No problems at all:
Outer panel Z-panel 22x120
Air gap 28mm (28x70 vertical sparse panel)
Exterior gypsum 9 mm
Horizontal studs 45x45 + 45 mm Gullfiber insulation
Vertical studs 220x45 + 220 mm Gullfiber insulation
Vapor barrier plastic film 0.2 mm
Vertical studs 45x45 + 45 mm Gullfiber insulation
Horizontal wood panel 18 x190 mm, (alternatively 1 or 2 x 13 mm gypsum in the kitchen and wet rooms).
I have no idea how "approved" this is. No proper energy calculations have been made, either before or after the construction.
But the house "consumes" about 4,800 kWh/year including heating, hot water, ventilation, and household electricity as well as some heating and hot water in the stable. And sometimes heating in the guest room in the attic.
thank you so much, now I have tried to draw according to your description and wonder if it turned out right. I started from the left. sorry if I am bothering you so much.
what did you think of my detail I did, did everything match? feels wrong
Yes, it was great!
But you risk attacks from the "PC-group" who want OSB + plasterboard in all walls towards the living areas.
But I think subjectively that using outdoor plasterboard instead of some kind of weatherproof fabric is very good!
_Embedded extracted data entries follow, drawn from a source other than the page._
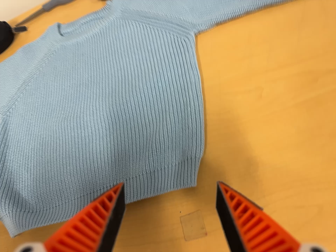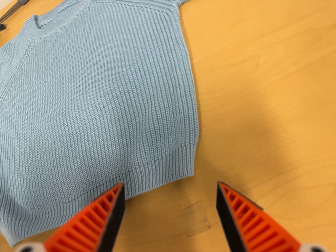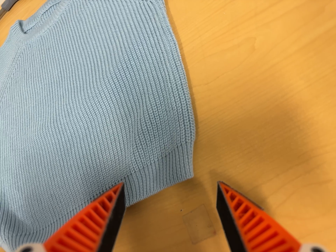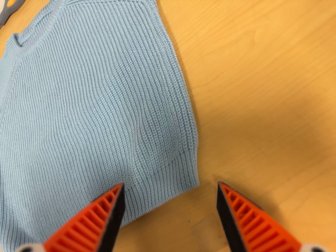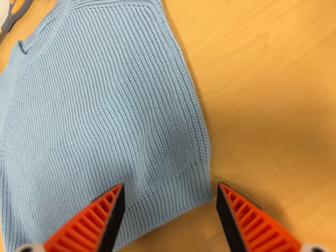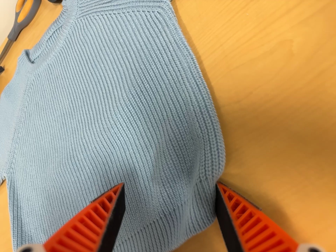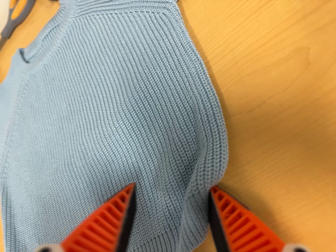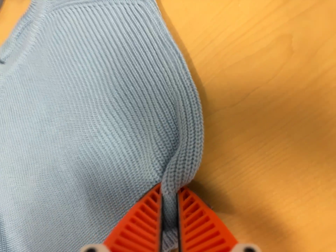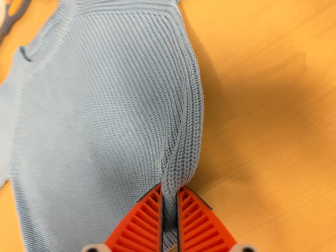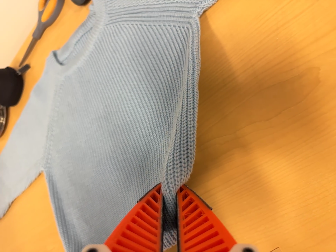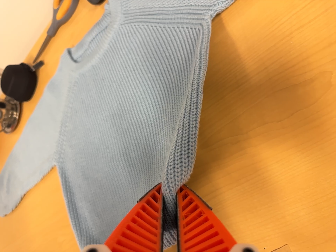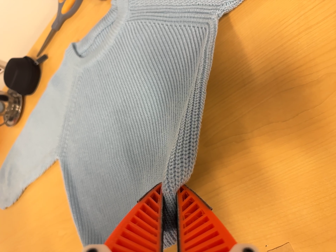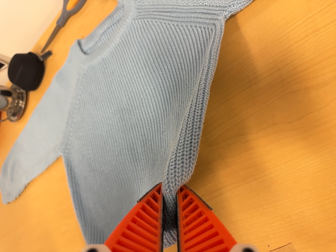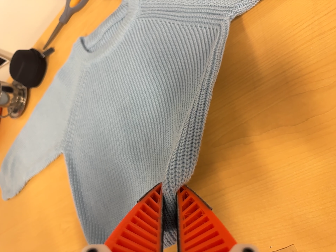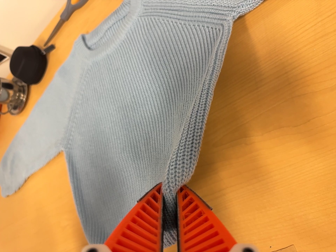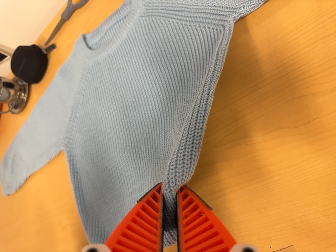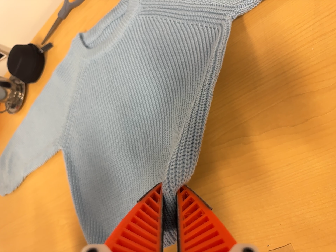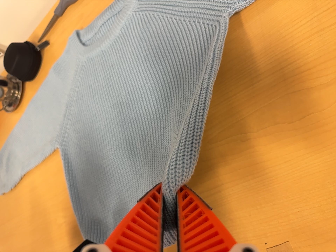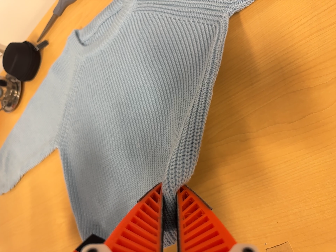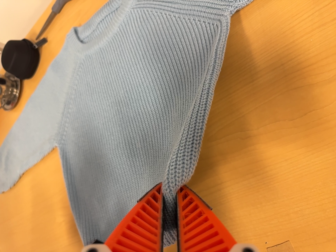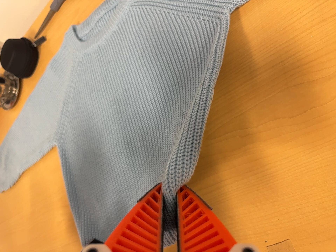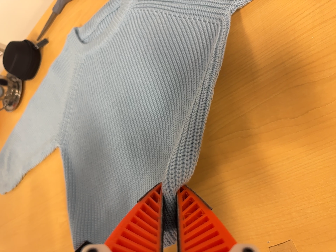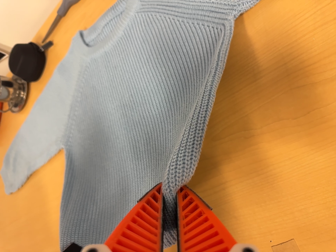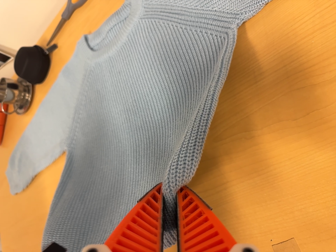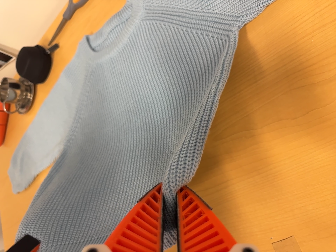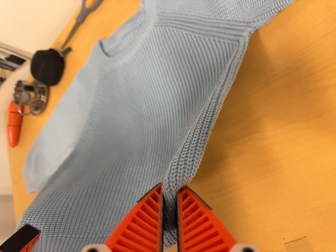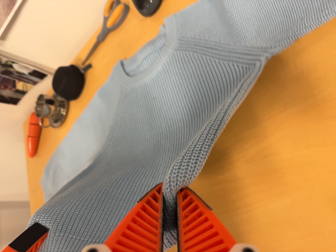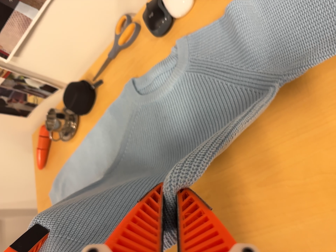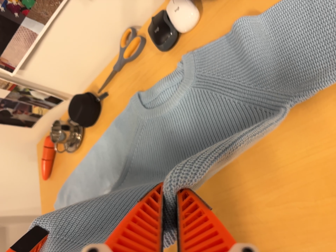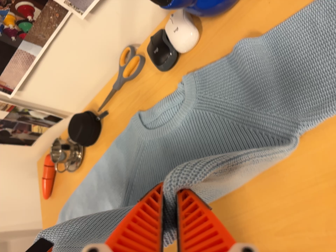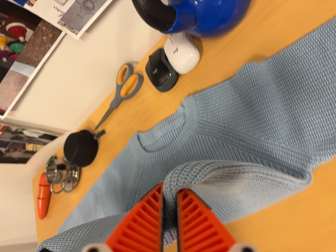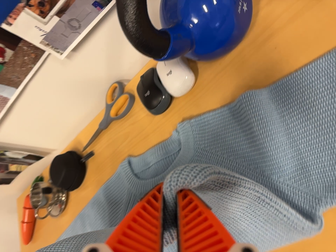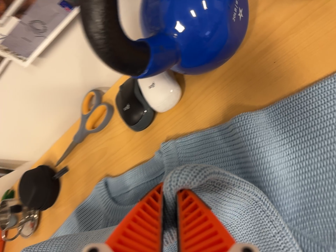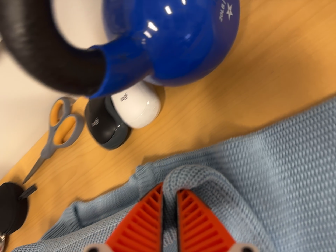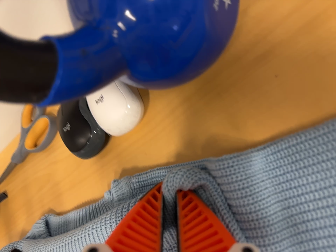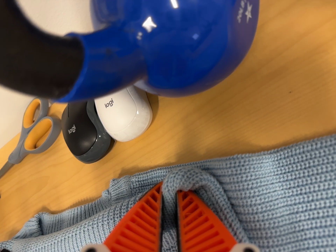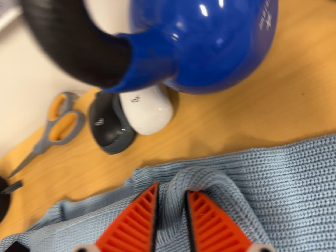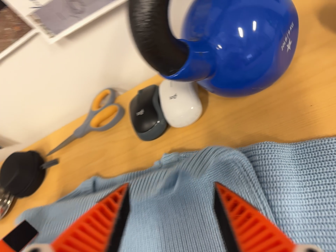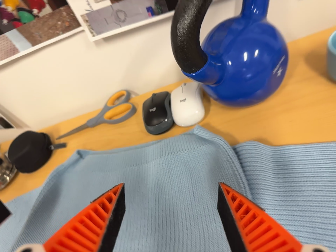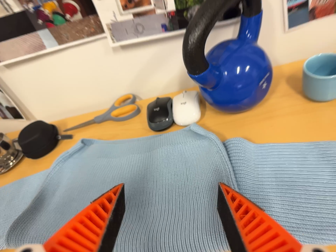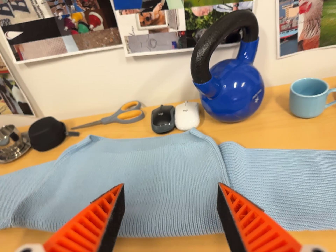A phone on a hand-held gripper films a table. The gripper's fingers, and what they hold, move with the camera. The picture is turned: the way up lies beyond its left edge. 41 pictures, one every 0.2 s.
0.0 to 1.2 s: The camera travels forward and toward the top of its view, about 12 cm, so what stands in front looms larger. It rolls about its line of sight by about 20 degrees, and the scene rotates counterclockwise.
1.2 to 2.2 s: The camera travels backward and to its left, about 8 cm, so what stands in front gets smaller.
2.2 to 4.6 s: The camera shifts only a little, or ends up much as it began.
4.6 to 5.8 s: The camera travels toward the top of its view and to its left, about 12 cm, so close, fixed things drift downward.
5.8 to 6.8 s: The camera travels forward and toward the top of its view, about 26 cm, so what stands in front looms larger.
6.8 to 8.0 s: The camera travels backward, toward the bottom of its view and to its left, about 36 cm, so what stands in front gets smaller. Its aim tips toward the top of its view by about 25 degrees. It rolls about its line of sight by about 35 degrees, and the scene rotates clockwise.
The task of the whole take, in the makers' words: fold up.
The film runs forward here.

It stabilizes the frame, so hopefully, you avoid something like this (after storm Gorm):
I don't buy that claim. Thermal bridges don't impact as much as 30%. Someone did calculations on this in another thread and I recall that there was a very small difference, about 5%.
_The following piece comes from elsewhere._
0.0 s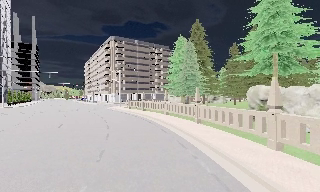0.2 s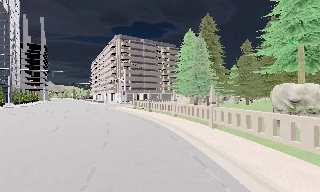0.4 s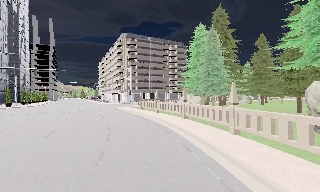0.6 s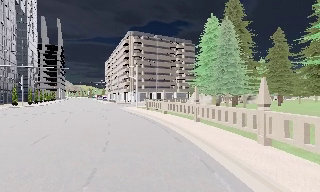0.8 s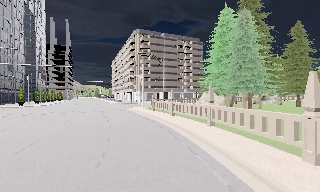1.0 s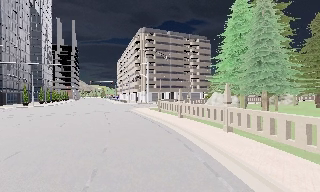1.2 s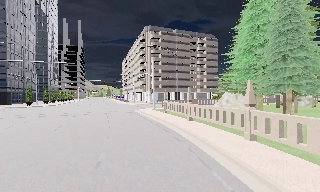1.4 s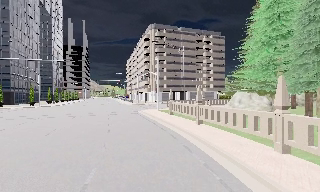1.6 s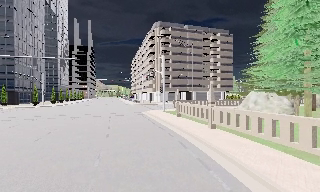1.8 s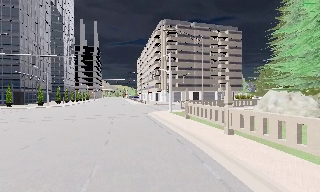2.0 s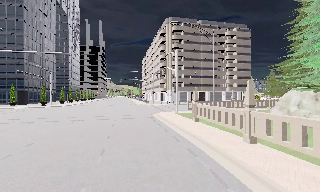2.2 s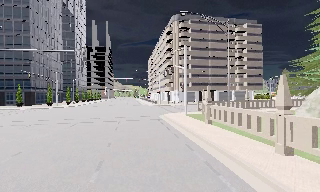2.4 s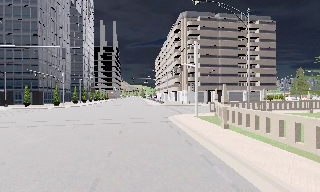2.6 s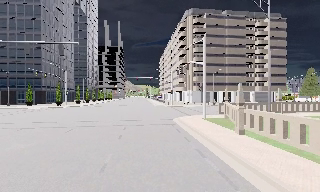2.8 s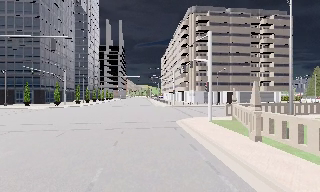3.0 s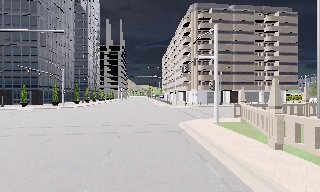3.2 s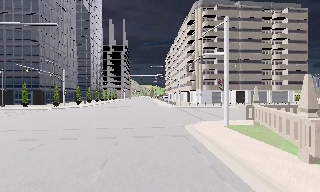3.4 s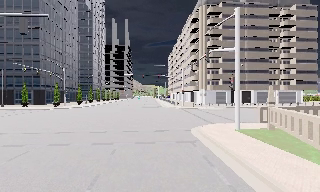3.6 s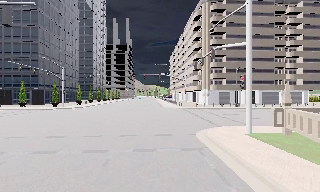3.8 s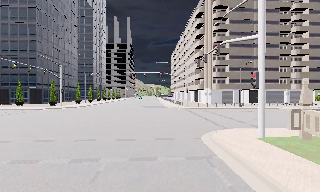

The frame is stabilized by the panels on the inside as well, but before these are in place, you should have some support.
The thermal bridges plus you get much more insulation when you have lightweight beams. My studs are only 8mm thick instead of 45mm. With cc60, you get about 90cm more insulation on a house with a 12m long side. Additionally, the baseplate is made of lightweight beams so the entire baseplate is insulated against the slab.
Even though it's not the amount of insulation that matters, it's the thickness and the lambda value. A wooden stud also insulates but not as well, of course. There's a difference, but I claim it's not that dramatic.
Light frame is a really good construction that is easy to build and adapt. I will build a light frame house with cellulose myself.
The best insulation is probably achieved with two completely separated walls. That's how I would probably build if I constructed it myself with loose timber. An outer load-bearing 45x120 and then an inner interior wall, the space in between filled with loose fill from the attic.
But now the question from the original poster was that he wanted a thinner wall. And all else being equal, this wall has a better U-value than a traditionally built one of the same thickness. There is, for example, about 6 times more wood in a traditional construction than in one with light beams. Wood has a U-value of about 0.14 compared to cellulose, which is about 0.038. Additionally, loose fill insulation is packed into every little nook, so no convection occurs in the wall, which further increases efficiency.
As you thought, I have built the roof (the trusses are also made of light beams) together with the outer wall, so there are absolutely 0 cold bridges in the entire construction. The most annoying part is that you're forced to have windows; otherwise, everything would be quite well insulated.
The layers in the wall from the outside are
21mm window trim
21mm panel
25mm horizontal batten
25mm vertical batten
6mm exterior gypsum
170mm vertical stud/insulation
Vapor barrier
45mm horizontal stud/insulation
11mm OSB
13mm gypsum
U-value is 0.16/m2
The plastic goes right up to the inside of the window. There was a special strip to splice the plastic with to make it reach.